Aim of the exercise → No pictures, no extra lines: copy exactly from the line with "-- multiple rows if multiple instances" through the end of the entries.

Given records →
--------------------------------------------------

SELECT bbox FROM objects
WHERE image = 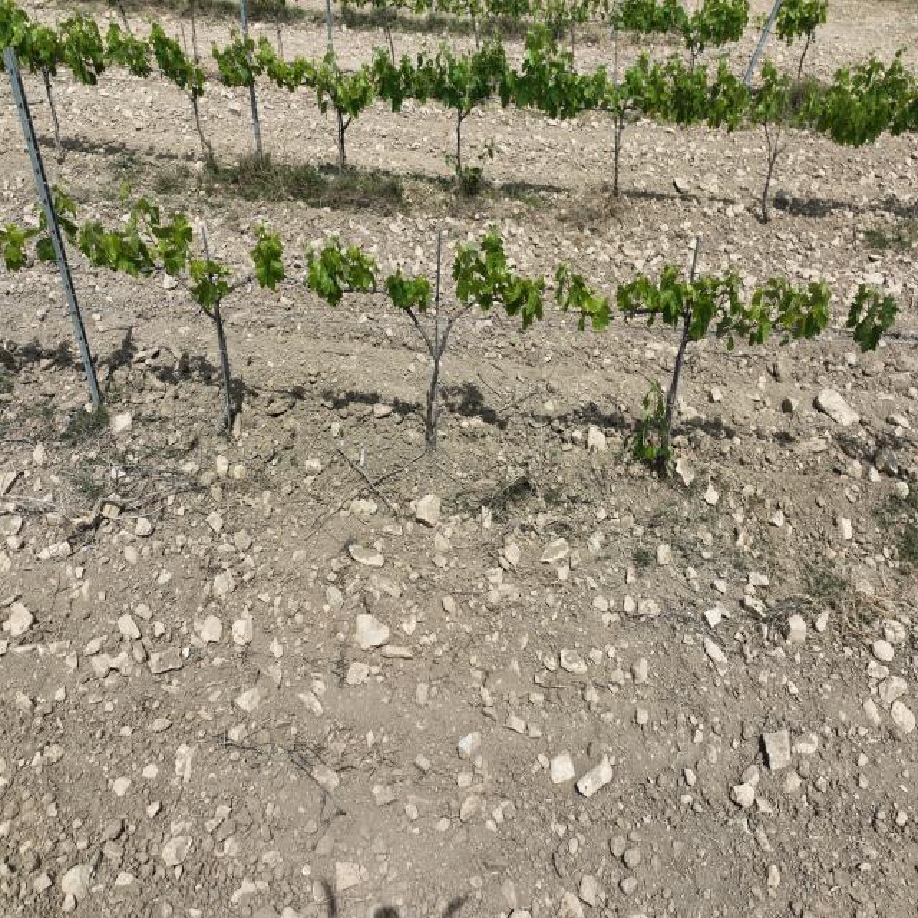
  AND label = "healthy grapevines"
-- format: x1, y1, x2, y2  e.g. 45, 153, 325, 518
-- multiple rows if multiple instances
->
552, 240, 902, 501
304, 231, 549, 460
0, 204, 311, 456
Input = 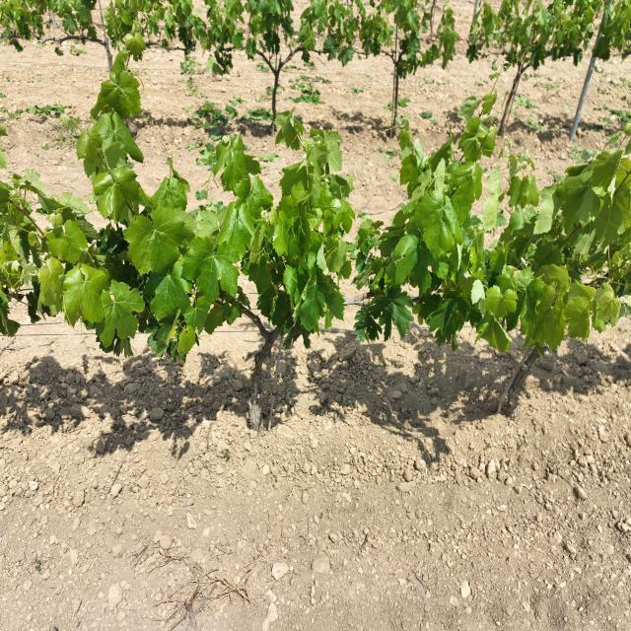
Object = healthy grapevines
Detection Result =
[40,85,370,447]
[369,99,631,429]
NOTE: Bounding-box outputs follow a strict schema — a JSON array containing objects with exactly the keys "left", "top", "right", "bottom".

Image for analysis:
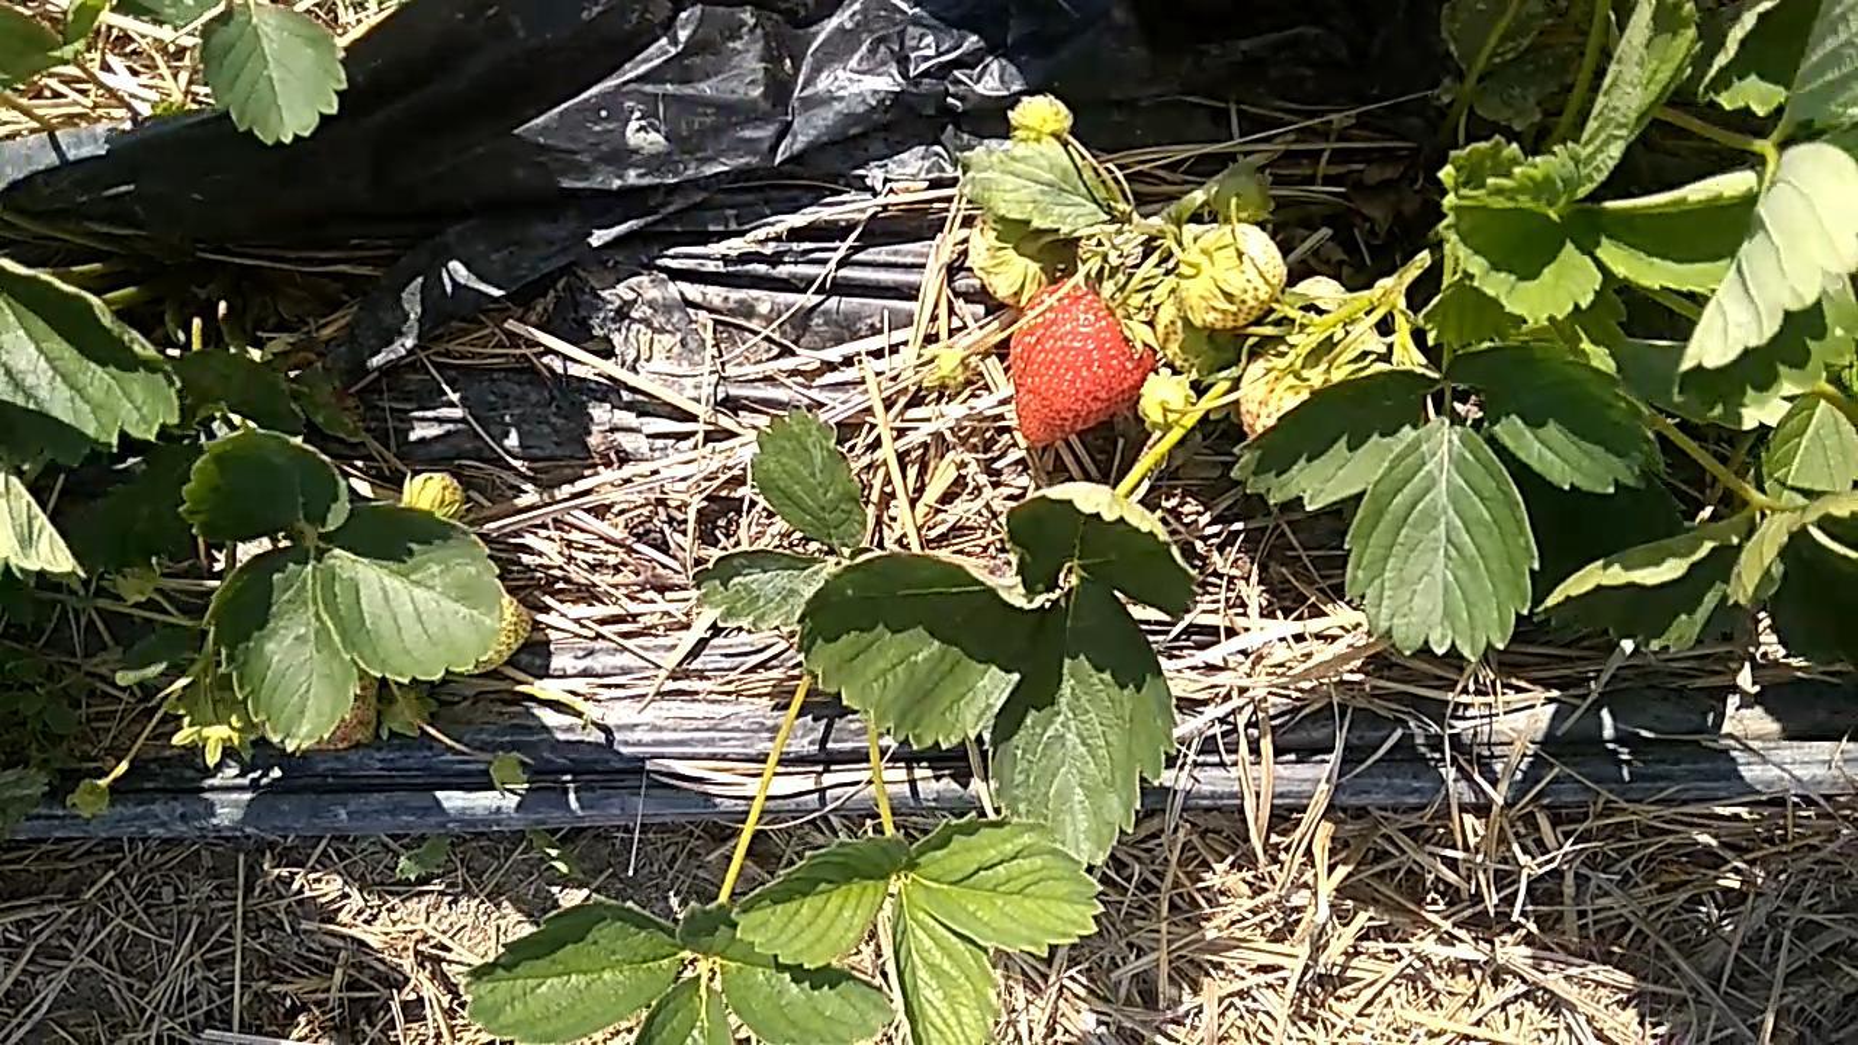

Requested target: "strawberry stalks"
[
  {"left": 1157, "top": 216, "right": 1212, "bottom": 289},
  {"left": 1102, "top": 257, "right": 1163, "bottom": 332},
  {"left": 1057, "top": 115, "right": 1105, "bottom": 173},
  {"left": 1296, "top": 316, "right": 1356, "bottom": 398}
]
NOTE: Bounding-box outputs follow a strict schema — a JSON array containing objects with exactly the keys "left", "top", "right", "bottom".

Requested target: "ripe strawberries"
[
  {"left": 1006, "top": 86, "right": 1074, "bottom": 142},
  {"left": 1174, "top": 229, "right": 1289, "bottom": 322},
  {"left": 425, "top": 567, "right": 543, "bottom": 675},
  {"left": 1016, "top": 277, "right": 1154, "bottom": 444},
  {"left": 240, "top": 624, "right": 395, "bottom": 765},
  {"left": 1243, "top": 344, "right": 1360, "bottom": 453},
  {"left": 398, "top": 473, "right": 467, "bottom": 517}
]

--------------------------------------------------

Expected output →
-- multiple rows if multiple instances
->
552, 240, 902, 501
304, 231, 549, 460
0, 204, 311, 456
Input = 
Object = healthy grapevines
Detection Result =
[40,85,370,447]
[369,99,631,429]
NOTE: Bounding-box outputs follow a strict schema — a JSON array containing objects with exactly the keys "left", "top", "right", "bottom".

Image for analysis:

Requested target: "strawberry stalks"
[
  {"left": 1157, "top": 216, "right": 1212, "bottom": 289},
  {"left": 1102, "top": 257, "right": 1163, "bottom": 332},
  {"left": 1057, "top": 115, "right": 1105, "bottom": 173},
  {"left": 1296, "top": 316, "right": 1356, "bottom": 398}
]
NOTE: Bounding-box outputs follow a strict schema — a JSON array containing objects with exactly the keys "left", "top", "right", "bottom".

Requested target: "ripe strawberries"
[
  {"left": 1006, "top": 86, "right": 1074, "bottom": 142},
  {"left": 1174, "top": 229, "right": 1289, "bottom": 322},
  {"left": 425, "top": 567, "right": 543, "bottom": 675},
  {"left": 1016, "top": 277, "right": 1154, "bottom": 444},
  {"left": 240, "top": 624, "right": 395, "bottom": 765},
  {"left": 1243, "top": 344, "right": 1360, "bottom": 453},
  {"left": 398, "top": 473, "right": 467, "bottom": 517}
]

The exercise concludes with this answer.